What you are asked to do: Word for word, restate the listing; omit the pictures.

Provided records:
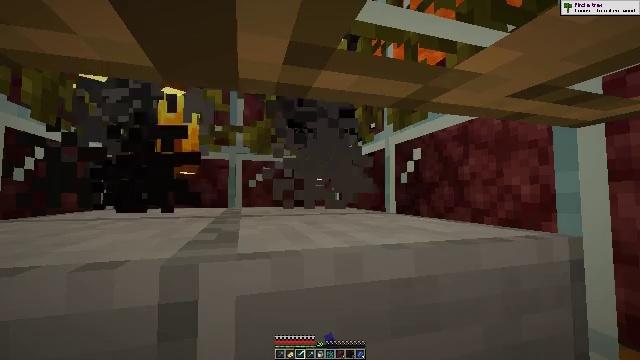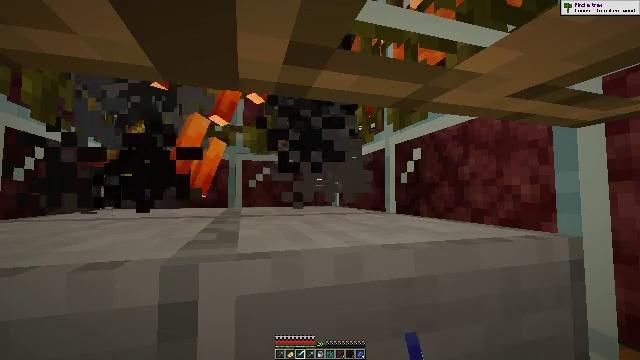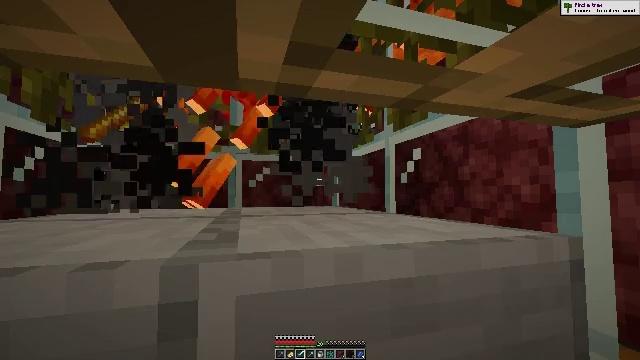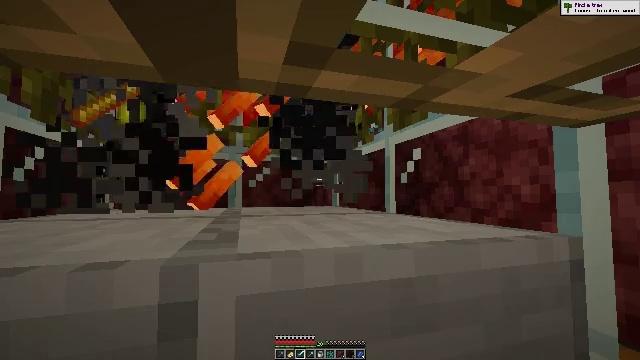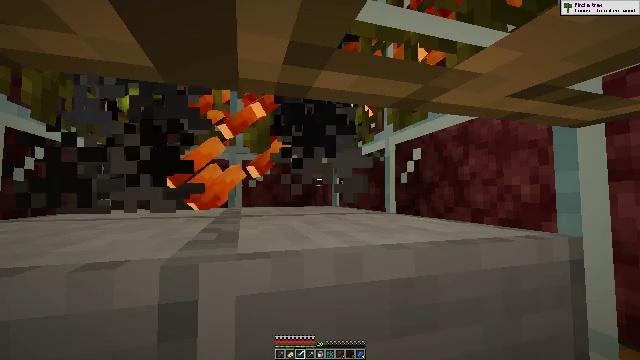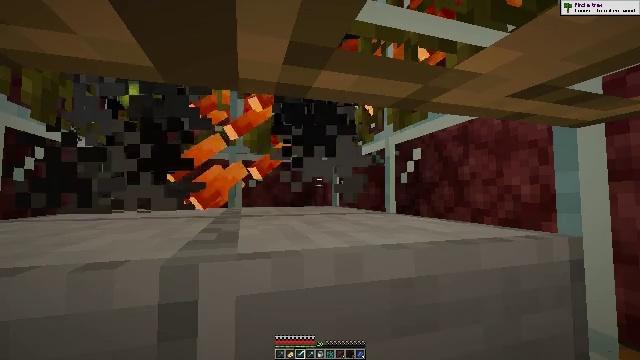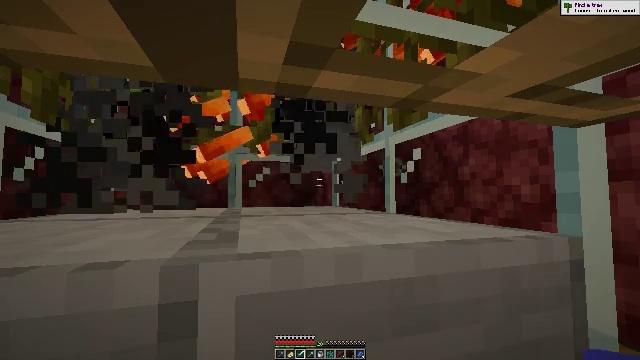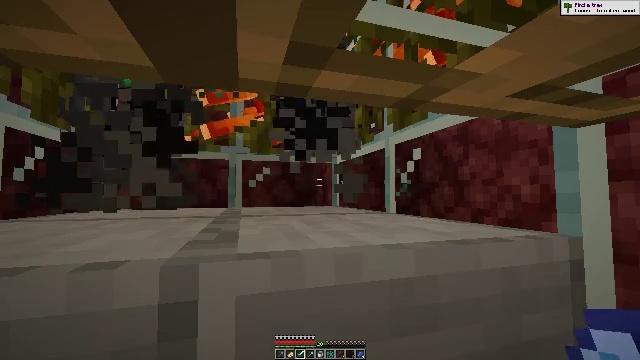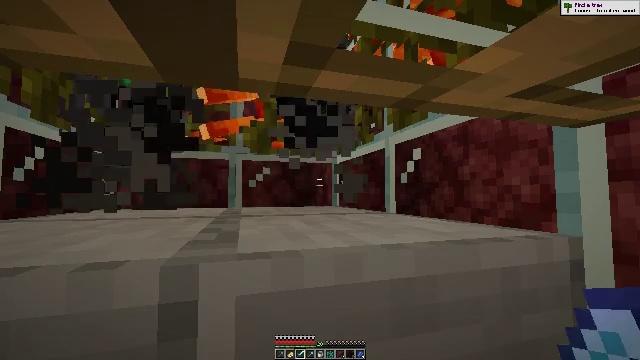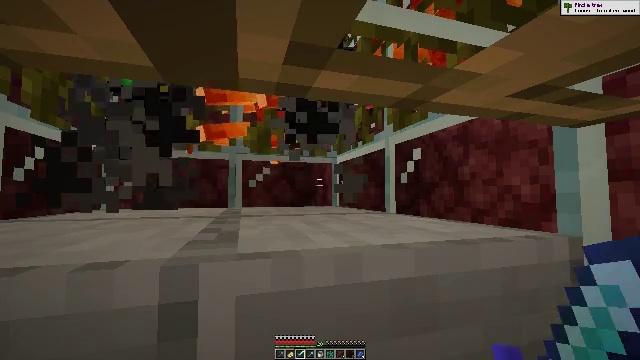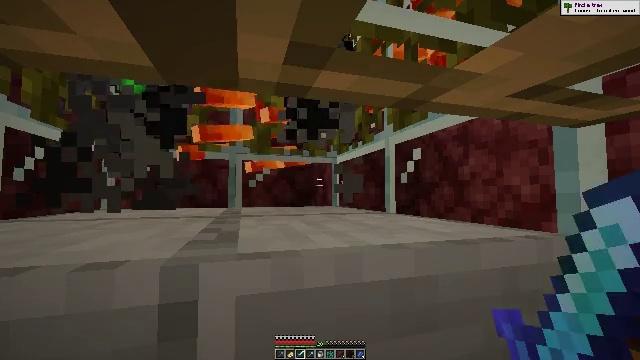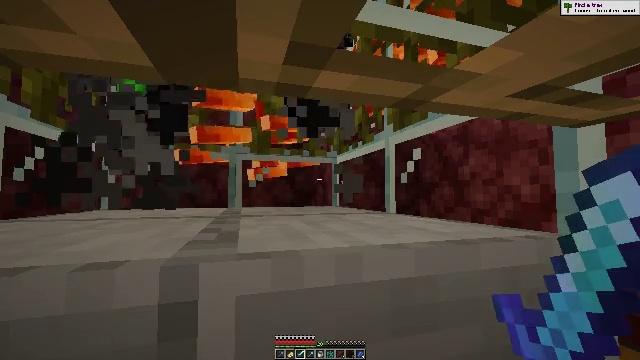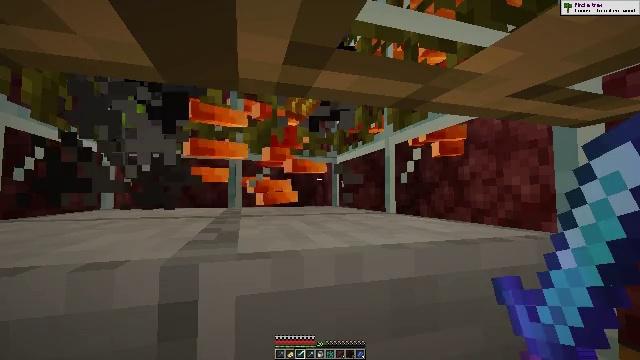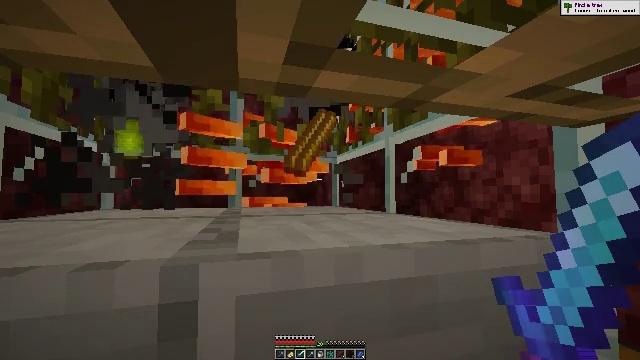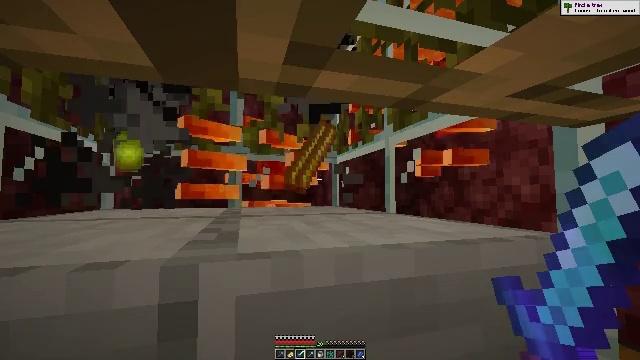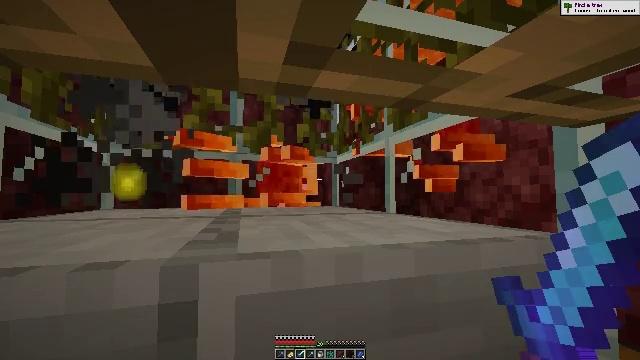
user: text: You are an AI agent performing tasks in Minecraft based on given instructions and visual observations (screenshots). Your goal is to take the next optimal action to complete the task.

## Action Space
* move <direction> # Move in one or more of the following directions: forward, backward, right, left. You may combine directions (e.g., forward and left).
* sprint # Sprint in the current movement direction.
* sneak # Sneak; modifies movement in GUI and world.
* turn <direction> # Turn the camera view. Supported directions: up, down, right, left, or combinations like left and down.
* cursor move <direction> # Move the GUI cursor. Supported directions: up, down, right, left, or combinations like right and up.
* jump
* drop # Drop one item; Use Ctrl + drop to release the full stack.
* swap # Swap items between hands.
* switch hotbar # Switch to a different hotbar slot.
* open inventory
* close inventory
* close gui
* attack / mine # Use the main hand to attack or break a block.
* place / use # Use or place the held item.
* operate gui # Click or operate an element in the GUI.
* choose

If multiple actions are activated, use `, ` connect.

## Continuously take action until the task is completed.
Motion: motion action
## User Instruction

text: Attack the yellow shulker box to pick it up.
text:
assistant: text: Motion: no_op
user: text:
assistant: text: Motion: no_op
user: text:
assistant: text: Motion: no_op
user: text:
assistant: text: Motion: no_op
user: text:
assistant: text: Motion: no_op
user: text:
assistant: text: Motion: no_op
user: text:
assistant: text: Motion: no_op
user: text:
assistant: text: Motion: no_op
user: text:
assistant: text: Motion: no_op
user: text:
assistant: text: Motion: no_op
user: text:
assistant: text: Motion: no_op
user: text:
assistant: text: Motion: no_op
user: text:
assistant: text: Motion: no_op
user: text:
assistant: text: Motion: no_op
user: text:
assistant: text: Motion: no_op
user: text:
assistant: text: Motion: no_op
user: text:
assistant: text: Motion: no_op
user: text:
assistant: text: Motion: turn left
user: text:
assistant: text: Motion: turn left
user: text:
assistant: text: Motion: no_op
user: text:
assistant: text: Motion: no_op
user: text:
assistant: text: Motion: no_op
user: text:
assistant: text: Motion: no_op
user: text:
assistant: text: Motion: no_op
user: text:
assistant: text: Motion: no_op
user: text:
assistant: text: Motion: no_op
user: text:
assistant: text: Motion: no_op
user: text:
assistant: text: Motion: no_op
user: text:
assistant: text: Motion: no_op
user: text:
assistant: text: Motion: no_op

Worked solution:
user: text: You are an AI agent performing tasks in Minecraft based on given instructions and visual observations (screenshots). Your goal is to take the next optimal action to complete the task.

## Action Space
* move <direction> # Move in one or more of the following directions: forward, backward, right, left. You may combine directions (e.g., forward and left).
* sprint # Sprint in the current movement direction.
* sneak # Sneak; modifies movement in GUI and world.
* turn <direction> # Turn the camera view. Supported directions: up, down, right, left, or combinations like left and down.
* cursor move <direction> # Move the GUI cursor. Supported directions: up, down, right, left, or combinations like right and up.
* jump
* drop # Drop one item; Use Ctrl + drop to release the full stack.
* swap # Swap items between hands.
* switch hotbar # Switch to a different hotbar slot.
* open inventory
* close inventory
* close gui
* attack / mine # Use the main hand to attack or break a block.
* place / use # Use or place the held item.
* operate gui # Click or operate an element in the GUI.
* choose

If multiple actions are activated, use `, ` connect.

## Continuously take action until the task is completed.
Motion: motion action
## User Instruction

text: Attack the yellow shulker box to pick it up.
text:
assistant: text: Motion: no_op
user: text:
assistant: text: Motion: no_op
user: text:
assistant: text: Motion: no_op
user: text:
assistant: text: Motion: no_op
user: text:
assistant: text: Motion: no_op
user: text:
assistant: text: Motion: no_op
user: text:
assistant: text: Motion: no_op
user: text:
assistant: text: Motion: no_op
user: text:
assistant: text: Motion: no_op
user: text:
assistant: text: Motion: no_op
user: text:
assistant: text: Motion: no_op
user: text:
assistant: text: Motion: no_op
user: text:
assistant: text: Motion: no_op
user: text:
assistant: text: Motion: no_op
user: text:
assistant: text: Motion: no_op
user: text:
assistant: text: Motion: no_op
user: text:
assistant: text: Motion: no_op
user: text:
assistant: text: Motion: turn left
user: text:
assistant: text: Motion: turn left
user: text:
assistant: text: Motion: no_op
user: text:
assistant: text: Motion: no_op
user: text:
assistant: text: Motion: no_op
user: text:
assistant: text: Motion: no_op
user: text:
assistant: text: Motion: no_op
user: text:
assistant: text: Motion: no_op
user: text:
assistant: text: Motion: no_op
user: text:
assistant: text: Motion: no_op
user: text:
assistant: text: Motion: no_op
user: text:
assistant: text: Motion: no_op
user: text:
assistant: text: Motion: no_op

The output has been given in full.